=== DATA EXCERPTS ===
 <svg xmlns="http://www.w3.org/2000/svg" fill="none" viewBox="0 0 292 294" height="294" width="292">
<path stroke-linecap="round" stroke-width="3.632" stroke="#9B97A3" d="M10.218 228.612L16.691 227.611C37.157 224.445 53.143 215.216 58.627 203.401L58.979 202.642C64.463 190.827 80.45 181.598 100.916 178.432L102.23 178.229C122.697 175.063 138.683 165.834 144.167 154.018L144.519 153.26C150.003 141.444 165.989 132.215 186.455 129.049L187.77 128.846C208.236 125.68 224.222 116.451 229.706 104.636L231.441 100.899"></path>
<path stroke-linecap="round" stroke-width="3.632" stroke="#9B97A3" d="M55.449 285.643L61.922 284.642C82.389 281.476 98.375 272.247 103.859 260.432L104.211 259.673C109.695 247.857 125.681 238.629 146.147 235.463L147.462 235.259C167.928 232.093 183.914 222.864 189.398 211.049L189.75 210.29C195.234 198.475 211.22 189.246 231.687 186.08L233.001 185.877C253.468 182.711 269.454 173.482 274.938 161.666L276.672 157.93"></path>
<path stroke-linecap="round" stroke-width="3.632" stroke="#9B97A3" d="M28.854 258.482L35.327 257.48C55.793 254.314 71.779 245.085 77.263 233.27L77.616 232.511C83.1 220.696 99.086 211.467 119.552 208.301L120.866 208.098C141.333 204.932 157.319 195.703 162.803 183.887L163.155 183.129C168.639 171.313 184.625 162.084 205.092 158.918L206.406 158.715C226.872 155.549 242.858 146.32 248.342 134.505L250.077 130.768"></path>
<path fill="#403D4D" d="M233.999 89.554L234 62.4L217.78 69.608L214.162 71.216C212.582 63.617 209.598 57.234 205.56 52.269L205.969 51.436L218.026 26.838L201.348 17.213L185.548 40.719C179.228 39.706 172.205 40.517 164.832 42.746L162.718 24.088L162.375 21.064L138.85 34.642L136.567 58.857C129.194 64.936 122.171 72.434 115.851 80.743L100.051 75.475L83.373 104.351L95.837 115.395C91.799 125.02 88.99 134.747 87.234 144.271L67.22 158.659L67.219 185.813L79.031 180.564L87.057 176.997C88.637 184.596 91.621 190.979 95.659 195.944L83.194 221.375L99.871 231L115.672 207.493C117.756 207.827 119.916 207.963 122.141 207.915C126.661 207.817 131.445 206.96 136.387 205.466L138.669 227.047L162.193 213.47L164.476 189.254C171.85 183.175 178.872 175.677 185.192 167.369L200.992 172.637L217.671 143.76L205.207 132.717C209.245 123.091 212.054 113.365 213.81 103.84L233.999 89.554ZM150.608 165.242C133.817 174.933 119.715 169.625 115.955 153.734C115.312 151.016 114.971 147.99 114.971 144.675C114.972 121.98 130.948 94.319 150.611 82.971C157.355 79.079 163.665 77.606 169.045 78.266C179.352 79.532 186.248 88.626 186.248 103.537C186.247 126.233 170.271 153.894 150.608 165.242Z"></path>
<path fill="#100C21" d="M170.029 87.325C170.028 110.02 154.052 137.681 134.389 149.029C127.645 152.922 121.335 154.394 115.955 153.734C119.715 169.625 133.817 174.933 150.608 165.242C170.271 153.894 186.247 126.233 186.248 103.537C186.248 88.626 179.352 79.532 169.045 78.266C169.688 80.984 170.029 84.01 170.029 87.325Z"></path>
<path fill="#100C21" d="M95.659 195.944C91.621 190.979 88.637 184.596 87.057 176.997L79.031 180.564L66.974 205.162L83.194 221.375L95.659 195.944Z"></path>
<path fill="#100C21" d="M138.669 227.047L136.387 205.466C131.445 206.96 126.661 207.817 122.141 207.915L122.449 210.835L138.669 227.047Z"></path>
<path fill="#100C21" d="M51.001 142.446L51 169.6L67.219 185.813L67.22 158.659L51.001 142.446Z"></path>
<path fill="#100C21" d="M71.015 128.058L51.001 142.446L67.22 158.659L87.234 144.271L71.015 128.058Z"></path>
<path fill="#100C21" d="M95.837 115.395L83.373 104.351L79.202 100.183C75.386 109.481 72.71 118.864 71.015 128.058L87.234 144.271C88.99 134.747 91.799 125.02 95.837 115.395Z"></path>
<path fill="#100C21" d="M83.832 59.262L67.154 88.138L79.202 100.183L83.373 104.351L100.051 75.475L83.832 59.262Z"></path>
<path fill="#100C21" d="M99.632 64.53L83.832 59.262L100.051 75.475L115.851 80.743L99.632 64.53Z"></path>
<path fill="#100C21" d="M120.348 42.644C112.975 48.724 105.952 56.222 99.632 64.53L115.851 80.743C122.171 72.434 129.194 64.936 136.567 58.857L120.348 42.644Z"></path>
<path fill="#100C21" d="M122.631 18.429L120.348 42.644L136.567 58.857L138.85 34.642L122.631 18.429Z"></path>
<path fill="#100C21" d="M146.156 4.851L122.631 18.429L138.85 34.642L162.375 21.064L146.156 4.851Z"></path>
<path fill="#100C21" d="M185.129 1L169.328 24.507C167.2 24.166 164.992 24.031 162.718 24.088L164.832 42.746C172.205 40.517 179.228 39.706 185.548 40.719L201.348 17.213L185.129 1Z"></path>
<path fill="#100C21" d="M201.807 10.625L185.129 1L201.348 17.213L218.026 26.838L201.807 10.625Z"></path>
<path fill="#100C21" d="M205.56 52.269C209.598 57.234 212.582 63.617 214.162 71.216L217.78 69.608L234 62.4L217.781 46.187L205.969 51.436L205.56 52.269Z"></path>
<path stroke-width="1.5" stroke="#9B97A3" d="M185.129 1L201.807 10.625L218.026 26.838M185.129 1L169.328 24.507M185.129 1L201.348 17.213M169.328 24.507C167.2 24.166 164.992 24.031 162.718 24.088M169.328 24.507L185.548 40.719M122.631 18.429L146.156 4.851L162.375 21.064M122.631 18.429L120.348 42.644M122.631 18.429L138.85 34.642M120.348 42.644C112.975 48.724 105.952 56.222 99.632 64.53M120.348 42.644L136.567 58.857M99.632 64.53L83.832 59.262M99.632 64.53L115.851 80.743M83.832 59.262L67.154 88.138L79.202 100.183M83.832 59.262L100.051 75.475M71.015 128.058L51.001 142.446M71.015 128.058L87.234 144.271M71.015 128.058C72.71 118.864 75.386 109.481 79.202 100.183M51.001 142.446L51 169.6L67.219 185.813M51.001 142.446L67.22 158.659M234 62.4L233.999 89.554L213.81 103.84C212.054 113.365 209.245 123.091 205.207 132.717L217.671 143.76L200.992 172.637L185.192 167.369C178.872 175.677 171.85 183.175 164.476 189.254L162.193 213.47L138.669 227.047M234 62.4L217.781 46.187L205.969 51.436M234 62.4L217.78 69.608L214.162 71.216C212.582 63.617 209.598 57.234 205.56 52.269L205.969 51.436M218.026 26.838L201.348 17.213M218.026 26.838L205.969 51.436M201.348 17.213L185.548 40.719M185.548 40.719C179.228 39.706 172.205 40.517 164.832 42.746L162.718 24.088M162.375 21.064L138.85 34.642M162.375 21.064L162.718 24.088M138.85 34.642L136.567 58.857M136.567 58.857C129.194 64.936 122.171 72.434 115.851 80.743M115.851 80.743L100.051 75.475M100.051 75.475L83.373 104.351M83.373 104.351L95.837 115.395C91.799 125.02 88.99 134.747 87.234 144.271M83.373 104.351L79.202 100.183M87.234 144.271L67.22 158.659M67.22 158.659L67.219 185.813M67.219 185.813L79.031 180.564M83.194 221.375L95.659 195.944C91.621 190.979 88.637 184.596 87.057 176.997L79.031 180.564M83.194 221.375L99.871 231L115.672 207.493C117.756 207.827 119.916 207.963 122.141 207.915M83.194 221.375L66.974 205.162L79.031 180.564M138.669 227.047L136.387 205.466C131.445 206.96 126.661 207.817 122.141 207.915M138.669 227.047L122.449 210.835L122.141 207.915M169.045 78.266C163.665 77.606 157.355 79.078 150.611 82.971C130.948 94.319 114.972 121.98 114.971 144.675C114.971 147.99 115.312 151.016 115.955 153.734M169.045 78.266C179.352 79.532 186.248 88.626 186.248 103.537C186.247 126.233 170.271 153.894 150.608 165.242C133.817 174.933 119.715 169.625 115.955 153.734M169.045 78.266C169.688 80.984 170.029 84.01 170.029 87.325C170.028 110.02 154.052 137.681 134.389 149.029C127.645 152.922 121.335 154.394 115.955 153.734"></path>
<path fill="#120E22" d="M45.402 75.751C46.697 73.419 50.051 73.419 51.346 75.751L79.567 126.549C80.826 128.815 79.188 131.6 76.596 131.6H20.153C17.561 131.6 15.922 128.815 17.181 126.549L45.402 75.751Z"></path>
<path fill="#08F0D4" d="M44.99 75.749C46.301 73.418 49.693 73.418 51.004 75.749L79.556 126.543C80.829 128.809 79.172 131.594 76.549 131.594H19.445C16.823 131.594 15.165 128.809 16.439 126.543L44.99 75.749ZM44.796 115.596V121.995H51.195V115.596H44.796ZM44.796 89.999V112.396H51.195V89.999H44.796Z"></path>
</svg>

=== ASSIGNED TASK ===
Reproduce exactly the entries above, limited to the lines from the one with "10.625L185.129 1L201.348 17.213L218.026" through the one with "52.269C209.598 57.234 212.582", both included.

=== COMPLETED EXERCISE ===
<path fill="#100C21" d="M201.807 10.625L185.129 1L201.348 17.213L218.026 26.838L201.807 10.625Z"></path>
<path fill="#100C21" d="M205.56 52.269C209.598 57.234 212.582 63.617 214.162 71.216L217.78 69.608L234 62.4L217.781 46.187L205.969 51.436L205.56 52.269Z"></path>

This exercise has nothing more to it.